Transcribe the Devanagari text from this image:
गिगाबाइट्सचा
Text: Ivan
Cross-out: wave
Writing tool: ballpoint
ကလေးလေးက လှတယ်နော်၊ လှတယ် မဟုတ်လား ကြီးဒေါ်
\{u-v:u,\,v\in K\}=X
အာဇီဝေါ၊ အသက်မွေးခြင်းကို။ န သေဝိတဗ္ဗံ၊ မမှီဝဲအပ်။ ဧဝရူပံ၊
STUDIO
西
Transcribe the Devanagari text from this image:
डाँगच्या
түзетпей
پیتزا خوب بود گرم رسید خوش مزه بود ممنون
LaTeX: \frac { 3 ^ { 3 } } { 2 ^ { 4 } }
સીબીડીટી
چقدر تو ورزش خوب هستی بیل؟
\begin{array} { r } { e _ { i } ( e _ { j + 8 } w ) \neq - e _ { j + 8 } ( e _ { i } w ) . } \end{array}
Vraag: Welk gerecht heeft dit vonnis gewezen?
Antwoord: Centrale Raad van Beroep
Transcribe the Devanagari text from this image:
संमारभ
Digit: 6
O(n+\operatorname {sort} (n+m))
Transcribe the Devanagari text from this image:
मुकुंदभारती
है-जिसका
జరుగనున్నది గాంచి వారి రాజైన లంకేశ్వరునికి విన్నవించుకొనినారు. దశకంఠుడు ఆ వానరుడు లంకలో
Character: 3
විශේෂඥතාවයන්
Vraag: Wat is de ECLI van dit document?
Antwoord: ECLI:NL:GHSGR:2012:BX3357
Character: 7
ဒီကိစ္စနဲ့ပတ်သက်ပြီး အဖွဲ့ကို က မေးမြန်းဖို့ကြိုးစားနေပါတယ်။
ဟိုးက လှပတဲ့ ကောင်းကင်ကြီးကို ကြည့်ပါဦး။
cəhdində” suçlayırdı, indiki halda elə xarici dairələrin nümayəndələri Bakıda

### Required work
Each line from the one containing "Antwoord: Centrale Raad van Beroep" through the end of the material must be returned exactly; no other line should appear.

### Output of the task
Antwoord: Centrale Raad van Beroep
Transcribe the Devanagari text from this image:
संमारभ
Digit: 6
O(n+\operatorname {sort} (n+m))
Transcribe the Devanagari text from this image:
मुकुंदभारती
है-जिसका
జరుగనున్నది గాంచి వారి రాజైన లంకేశ్వరునికి విన్నవించుకొనినారు. దశకంఠుడు ఆ వానరుడు లంకలో
Character: 3
විශේෂඥතාවයන්
Vraag: Wat is de ECLI van dit document?
Antwoord: ECLI:NL:GHSGR:2012:BX3357
Character: 7
ဒီကိစ္စနဲ့ပတ်သက်ပြီး အဖွဲ့ကို က မေးမြန်းဖို့ကြိုးစားနေပါတယ်။
ဟိုးက လှပတဲ့ ကောင်းကင်ကြီးကို ကြည့်ပါဦး။
cəhdində” suçlayırdı, indiki halda elə xarici dairələrin nümayəndələri Bakıda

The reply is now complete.